Question Day: Why Is There No Moderate Party?
Commenter ModeratePoli asks:
"Question 1: According to Pew studies, roughly 40% of the electorate classify themselves as moderates. Why doesn't one of the political parties stake out that moderate middle ground and scoop up those voters?"
There are several answers, but I'll start by noting that, all things being equal, electoral pressures almost certainly do push parties to the center.
1. Moderates often aren't all that moderate. Many who describe themselves as "moderate" actually have plenty of extreme positions, but just don't sort them conventionally. So, for example, someone who strongly supports abortion rights without exception, and also supports gun rights without exception, might be categorized as a moderate, but won't be happy at all with parties that seek the middle-ground on those issues.
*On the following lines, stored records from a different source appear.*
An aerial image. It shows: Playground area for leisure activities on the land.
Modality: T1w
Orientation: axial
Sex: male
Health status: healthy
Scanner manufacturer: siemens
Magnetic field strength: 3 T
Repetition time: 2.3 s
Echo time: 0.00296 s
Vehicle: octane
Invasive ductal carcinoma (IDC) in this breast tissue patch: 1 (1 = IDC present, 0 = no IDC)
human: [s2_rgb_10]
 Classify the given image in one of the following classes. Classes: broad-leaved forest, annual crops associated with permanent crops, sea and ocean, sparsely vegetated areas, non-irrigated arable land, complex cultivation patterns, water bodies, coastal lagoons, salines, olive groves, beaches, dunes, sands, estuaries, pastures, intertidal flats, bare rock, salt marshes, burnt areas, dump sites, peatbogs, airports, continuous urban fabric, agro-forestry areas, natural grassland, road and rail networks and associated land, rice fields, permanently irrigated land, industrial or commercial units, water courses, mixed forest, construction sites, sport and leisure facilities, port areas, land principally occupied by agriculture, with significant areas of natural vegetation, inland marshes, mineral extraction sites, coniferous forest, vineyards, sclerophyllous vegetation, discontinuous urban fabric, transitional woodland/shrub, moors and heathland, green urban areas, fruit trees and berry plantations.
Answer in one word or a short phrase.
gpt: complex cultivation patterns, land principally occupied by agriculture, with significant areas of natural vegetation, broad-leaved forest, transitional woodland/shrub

2. Strong partisans tend to vote more than true moderates and otherwise participate more in politics.
3. Primary elections push candidates away from the center and toward the party median.
4. Parties are coalitions of interest groups and individuals who get involved in politics for particular reasons, often a specific public policy demand. That's true of both ideologues and groups with more material interests, such as the Chamber of Commerce or unions. More often than not, those demands are not moderate, even though many of those making the demands might otherwise be considered moderates.
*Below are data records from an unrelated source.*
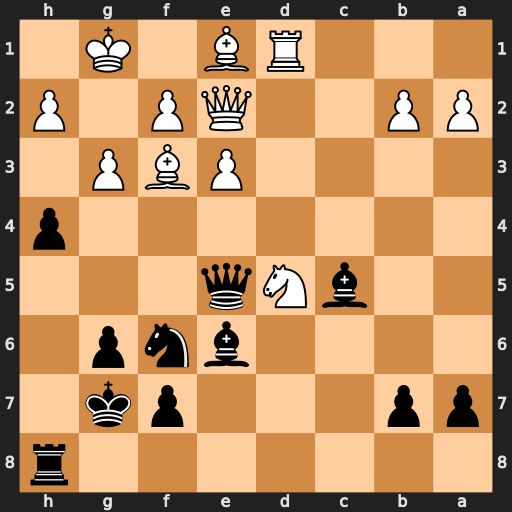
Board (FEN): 7r/pp3pk1/4bnp1/2bNq3/7p/4PBP1/PP2QP1P/3RB1K1
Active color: b
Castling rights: -
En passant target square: -
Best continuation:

5. Even party actors who start out as moderates often end up embracing the party's policy preferences on a wide range of issues, taking cues from party leaders on policies about which they don't have strong opinions. Indeed, this effect is so powerful that they may wind up "caring" about something purely because their party expresses outrage about it. The growth of party-aligned media has likely reinforced that trend, although my (non-expert) impression is that research is surprisingly mixed on the media effects.
Mitigating against all that are general election incentives, which really do tend to push the parties together. But it's no surprise that overall, parties wind up with distinct -- and frequently immoderate -- positions on most issues.